**What the task requires:**
Say how many lines in the entries hold the string "clipPath", giving the number by itself.

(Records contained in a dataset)
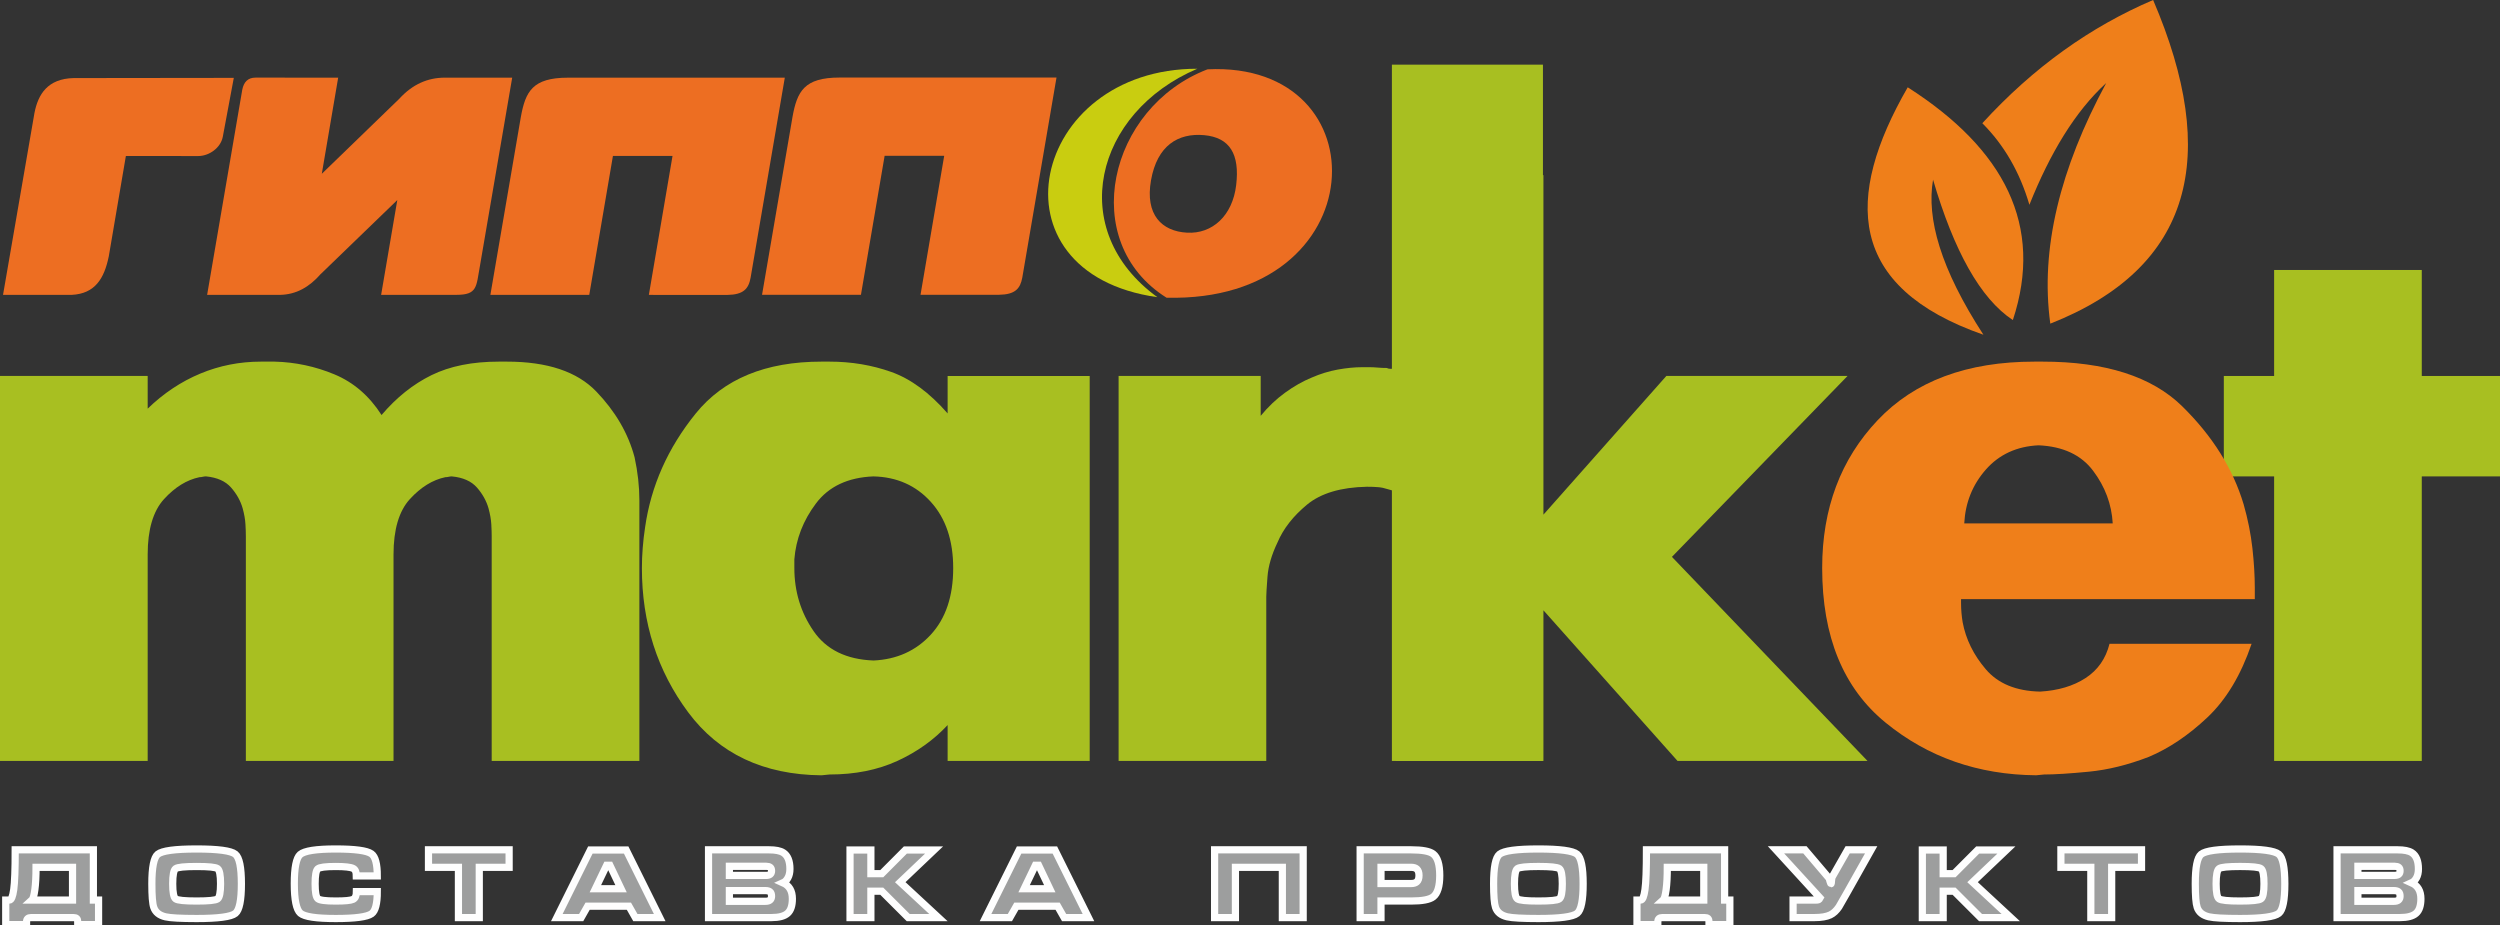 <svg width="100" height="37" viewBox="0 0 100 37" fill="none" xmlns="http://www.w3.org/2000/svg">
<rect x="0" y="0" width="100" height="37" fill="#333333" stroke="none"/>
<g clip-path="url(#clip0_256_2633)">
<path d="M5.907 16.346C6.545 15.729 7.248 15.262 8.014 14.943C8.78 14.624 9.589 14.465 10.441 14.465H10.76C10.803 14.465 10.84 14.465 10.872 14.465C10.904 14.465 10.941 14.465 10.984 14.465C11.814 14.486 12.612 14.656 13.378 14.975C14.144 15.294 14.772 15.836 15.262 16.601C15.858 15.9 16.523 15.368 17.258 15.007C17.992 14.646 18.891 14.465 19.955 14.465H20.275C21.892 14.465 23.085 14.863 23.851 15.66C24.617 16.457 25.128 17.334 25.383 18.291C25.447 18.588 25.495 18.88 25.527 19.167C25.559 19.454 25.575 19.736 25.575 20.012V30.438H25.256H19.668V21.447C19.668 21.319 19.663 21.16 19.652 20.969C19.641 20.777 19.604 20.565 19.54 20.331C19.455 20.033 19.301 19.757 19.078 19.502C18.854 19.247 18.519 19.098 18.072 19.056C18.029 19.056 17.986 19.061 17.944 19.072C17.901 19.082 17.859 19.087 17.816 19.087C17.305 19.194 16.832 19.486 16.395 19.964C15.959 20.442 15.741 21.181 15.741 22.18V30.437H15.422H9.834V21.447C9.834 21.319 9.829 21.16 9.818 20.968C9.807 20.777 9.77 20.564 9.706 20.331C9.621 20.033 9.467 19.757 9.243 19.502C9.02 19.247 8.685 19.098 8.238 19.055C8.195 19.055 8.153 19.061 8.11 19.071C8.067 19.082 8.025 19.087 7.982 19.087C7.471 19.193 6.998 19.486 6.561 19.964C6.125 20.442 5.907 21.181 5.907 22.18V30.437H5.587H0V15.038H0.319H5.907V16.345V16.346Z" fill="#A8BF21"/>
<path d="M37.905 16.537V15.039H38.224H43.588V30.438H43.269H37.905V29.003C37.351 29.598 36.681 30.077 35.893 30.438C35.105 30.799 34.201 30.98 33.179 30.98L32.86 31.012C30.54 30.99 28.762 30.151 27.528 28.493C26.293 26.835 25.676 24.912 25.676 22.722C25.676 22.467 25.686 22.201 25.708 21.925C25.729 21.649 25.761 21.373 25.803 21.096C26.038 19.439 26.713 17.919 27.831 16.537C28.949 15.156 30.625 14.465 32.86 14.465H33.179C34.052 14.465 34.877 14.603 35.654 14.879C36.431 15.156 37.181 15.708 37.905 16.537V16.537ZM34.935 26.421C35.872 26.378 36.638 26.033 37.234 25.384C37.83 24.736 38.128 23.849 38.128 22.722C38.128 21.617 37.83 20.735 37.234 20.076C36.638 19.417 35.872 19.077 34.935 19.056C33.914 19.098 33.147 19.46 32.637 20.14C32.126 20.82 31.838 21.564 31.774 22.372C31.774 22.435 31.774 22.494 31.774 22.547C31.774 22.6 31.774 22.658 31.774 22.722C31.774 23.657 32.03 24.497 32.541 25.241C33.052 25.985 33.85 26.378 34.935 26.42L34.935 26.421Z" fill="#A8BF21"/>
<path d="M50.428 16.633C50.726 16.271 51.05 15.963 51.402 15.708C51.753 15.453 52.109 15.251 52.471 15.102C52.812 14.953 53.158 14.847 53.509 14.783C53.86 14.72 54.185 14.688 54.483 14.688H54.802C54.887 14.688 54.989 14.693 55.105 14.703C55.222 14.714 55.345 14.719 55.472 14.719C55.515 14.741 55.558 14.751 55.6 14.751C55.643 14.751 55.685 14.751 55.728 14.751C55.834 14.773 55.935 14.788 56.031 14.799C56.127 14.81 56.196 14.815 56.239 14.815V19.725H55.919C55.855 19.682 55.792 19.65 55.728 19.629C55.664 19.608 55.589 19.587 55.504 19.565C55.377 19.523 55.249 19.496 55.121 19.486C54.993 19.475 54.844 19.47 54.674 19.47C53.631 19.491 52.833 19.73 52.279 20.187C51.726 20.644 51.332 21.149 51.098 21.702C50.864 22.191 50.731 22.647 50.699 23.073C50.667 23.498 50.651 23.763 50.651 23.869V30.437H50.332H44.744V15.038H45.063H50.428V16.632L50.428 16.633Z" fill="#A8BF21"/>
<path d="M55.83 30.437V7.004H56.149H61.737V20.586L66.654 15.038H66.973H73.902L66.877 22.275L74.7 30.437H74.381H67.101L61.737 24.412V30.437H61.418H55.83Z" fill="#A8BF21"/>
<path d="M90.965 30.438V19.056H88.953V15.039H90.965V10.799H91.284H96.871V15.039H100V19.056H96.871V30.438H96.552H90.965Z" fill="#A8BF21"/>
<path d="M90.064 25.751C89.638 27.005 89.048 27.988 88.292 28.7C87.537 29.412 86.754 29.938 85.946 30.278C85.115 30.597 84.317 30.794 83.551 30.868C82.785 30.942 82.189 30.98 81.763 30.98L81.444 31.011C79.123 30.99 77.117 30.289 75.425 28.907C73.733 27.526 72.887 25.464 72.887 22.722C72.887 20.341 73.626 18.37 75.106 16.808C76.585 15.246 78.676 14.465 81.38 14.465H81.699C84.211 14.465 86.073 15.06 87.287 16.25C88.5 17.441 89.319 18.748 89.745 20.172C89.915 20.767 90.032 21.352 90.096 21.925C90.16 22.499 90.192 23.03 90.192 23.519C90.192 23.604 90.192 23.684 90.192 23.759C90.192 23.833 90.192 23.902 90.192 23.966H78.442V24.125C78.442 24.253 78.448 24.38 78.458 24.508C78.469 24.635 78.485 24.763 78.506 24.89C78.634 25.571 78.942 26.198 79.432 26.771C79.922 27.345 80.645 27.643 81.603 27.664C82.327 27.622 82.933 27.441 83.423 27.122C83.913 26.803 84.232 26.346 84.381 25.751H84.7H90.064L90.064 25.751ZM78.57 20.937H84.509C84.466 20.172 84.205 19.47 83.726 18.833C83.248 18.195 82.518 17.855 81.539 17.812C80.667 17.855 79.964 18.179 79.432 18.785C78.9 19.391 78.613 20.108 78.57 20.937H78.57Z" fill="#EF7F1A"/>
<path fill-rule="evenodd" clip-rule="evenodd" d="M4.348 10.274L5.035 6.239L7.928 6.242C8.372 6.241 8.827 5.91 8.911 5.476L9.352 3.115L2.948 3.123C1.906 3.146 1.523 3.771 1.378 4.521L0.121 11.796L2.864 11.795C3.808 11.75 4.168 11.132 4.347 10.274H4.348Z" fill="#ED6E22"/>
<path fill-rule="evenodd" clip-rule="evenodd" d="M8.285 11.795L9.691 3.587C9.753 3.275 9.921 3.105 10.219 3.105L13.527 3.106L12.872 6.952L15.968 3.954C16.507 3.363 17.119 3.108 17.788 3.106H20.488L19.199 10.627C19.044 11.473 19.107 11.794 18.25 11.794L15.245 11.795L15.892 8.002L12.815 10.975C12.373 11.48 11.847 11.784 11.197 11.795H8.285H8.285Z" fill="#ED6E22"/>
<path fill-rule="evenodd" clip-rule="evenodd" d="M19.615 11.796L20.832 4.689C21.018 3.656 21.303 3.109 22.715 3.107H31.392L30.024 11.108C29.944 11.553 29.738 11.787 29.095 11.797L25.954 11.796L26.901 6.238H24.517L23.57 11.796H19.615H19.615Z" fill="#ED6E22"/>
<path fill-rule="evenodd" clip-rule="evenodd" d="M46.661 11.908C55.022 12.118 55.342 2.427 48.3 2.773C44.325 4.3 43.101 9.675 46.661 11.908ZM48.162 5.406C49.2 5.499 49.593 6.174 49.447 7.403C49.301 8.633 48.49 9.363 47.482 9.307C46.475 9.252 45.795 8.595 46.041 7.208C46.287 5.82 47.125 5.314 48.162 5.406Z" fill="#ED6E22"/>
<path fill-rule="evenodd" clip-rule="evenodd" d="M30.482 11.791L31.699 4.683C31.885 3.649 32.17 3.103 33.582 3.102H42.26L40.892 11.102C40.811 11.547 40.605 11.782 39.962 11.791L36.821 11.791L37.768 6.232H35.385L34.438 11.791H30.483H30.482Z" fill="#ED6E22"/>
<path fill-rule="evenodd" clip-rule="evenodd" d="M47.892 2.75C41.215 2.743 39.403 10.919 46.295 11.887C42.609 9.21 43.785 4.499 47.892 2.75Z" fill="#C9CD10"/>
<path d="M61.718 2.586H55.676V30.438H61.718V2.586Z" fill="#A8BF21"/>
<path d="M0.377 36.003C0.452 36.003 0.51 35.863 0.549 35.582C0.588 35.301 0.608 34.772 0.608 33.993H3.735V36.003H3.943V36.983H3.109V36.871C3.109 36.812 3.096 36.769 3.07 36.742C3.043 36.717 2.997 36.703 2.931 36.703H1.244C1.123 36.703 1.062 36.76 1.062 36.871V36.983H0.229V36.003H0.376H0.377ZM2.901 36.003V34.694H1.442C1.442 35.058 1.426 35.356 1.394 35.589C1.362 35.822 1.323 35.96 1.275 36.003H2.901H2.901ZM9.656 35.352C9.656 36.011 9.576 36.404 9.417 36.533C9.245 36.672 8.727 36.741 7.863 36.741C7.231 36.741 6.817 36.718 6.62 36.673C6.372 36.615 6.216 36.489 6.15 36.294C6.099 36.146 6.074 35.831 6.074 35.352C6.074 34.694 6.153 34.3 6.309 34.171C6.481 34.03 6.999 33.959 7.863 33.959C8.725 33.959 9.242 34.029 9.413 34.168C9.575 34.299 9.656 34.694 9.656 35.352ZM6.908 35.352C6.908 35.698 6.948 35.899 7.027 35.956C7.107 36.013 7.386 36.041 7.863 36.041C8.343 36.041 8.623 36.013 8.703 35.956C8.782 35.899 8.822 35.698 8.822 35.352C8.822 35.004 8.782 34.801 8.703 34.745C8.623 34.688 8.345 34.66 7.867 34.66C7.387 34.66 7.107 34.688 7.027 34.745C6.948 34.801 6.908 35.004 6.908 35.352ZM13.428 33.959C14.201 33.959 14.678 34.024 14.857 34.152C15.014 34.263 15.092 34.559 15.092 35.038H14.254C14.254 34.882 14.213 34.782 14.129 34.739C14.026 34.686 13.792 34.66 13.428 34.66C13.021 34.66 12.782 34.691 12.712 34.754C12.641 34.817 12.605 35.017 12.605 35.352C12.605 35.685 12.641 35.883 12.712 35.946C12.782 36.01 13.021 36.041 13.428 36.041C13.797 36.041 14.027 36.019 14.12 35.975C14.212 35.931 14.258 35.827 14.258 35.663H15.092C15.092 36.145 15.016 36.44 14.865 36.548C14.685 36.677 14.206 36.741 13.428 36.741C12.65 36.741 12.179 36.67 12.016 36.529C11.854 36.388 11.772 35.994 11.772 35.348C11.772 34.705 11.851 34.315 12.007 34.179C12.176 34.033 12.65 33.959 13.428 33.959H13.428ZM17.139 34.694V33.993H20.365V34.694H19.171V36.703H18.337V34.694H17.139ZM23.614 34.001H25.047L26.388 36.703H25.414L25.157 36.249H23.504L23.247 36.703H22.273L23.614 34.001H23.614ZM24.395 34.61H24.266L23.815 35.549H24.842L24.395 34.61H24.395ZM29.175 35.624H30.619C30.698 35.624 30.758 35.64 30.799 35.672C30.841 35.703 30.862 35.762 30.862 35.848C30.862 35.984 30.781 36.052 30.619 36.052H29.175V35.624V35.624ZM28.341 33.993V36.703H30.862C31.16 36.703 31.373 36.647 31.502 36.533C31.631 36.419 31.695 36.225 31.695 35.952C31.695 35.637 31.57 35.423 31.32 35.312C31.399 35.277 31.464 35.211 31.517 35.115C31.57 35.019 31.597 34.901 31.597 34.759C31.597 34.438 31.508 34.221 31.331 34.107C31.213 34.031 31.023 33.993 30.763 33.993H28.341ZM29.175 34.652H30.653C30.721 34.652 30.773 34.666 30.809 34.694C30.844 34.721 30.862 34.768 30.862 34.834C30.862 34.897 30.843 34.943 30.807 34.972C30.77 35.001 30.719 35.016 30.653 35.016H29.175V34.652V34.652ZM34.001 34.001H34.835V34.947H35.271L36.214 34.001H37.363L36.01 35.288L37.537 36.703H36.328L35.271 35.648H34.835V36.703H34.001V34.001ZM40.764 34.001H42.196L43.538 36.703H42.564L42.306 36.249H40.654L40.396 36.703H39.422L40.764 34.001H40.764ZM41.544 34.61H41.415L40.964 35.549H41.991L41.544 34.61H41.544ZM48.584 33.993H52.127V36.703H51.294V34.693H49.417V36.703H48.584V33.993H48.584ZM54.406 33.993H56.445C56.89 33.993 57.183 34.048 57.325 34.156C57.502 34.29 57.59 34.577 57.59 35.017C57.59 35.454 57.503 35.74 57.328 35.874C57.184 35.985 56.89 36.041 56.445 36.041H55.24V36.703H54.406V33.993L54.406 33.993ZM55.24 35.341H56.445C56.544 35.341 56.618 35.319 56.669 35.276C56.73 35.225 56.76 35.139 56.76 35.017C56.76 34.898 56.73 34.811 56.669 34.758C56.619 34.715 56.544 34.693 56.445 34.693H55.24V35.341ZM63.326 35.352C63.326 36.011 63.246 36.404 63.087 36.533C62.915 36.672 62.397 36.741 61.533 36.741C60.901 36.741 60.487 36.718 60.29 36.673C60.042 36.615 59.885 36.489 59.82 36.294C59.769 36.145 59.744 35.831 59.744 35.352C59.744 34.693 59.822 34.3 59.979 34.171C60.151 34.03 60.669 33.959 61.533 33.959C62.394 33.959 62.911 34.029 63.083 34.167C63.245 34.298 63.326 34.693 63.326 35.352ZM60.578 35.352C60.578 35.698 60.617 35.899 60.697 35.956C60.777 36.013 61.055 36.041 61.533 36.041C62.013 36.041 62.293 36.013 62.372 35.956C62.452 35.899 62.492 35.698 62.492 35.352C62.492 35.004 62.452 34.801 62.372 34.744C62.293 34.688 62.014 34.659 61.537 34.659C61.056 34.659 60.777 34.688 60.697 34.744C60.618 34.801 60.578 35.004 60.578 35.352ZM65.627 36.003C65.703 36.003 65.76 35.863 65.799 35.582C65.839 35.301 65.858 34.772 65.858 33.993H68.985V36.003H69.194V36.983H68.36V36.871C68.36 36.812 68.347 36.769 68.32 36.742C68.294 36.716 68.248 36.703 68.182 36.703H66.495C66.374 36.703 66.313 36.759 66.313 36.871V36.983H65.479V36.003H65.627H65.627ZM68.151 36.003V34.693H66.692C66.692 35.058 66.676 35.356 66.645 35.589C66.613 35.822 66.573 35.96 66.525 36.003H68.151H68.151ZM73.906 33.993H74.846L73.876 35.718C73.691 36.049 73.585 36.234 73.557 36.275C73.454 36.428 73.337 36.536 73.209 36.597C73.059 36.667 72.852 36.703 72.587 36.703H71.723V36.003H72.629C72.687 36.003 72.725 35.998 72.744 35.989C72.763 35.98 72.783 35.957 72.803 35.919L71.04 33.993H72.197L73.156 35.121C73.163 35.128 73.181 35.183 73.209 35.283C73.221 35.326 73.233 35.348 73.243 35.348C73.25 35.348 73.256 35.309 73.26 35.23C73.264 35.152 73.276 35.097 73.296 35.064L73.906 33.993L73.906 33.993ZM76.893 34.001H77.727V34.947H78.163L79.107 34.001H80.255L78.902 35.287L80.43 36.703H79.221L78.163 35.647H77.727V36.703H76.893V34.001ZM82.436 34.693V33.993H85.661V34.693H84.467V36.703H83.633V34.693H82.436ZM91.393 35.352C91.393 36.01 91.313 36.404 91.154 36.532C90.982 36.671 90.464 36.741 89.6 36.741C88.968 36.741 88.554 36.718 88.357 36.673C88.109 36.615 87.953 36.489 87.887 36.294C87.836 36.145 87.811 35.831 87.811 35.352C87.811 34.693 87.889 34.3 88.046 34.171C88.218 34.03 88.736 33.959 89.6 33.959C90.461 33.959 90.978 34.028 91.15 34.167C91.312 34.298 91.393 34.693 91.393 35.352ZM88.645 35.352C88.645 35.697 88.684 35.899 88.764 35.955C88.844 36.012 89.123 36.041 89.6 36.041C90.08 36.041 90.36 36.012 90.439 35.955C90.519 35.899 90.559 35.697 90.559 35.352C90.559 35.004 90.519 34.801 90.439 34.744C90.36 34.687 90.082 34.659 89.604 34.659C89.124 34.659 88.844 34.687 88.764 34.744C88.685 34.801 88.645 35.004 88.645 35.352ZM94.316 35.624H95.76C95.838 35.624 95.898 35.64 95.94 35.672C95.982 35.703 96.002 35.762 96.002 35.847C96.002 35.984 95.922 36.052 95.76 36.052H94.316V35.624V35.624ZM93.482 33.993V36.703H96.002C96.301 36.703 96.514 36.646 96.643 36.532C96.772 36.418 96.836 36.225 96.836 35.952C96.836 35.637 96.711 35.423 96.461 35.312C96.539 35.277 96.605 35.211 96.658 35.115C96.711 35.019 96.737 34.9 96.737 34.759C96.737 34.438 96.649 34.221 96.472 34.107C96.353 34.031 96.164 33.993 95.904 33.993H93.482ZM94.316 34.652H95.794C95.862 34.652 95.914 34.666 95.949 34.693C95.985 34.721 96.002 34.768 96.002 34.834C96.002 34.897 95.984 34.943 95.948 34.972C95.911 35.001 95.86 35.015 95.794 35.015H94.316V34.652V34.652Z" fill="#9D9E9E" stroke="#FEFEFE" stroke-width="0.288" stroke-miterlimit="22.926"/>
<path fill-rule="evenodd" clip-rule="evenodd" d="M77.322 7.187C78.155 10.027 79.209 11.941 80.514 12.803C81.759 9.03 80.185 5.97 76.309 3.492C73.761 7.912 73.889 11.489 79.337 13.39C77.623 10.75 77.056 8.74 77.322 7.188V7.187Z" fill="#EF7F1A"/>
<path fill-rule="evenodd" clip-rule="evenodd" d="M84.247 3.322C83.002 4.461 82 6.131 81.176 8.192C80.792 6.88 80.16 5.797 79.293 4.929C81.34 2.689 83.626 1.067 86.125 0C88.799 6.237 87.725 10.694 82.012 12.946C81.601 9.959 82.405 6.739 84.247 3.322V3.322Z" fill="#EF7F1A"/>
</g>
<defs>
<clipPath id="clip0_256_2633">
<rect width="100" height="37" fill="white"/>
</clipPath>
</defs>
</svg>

**Your response:**
2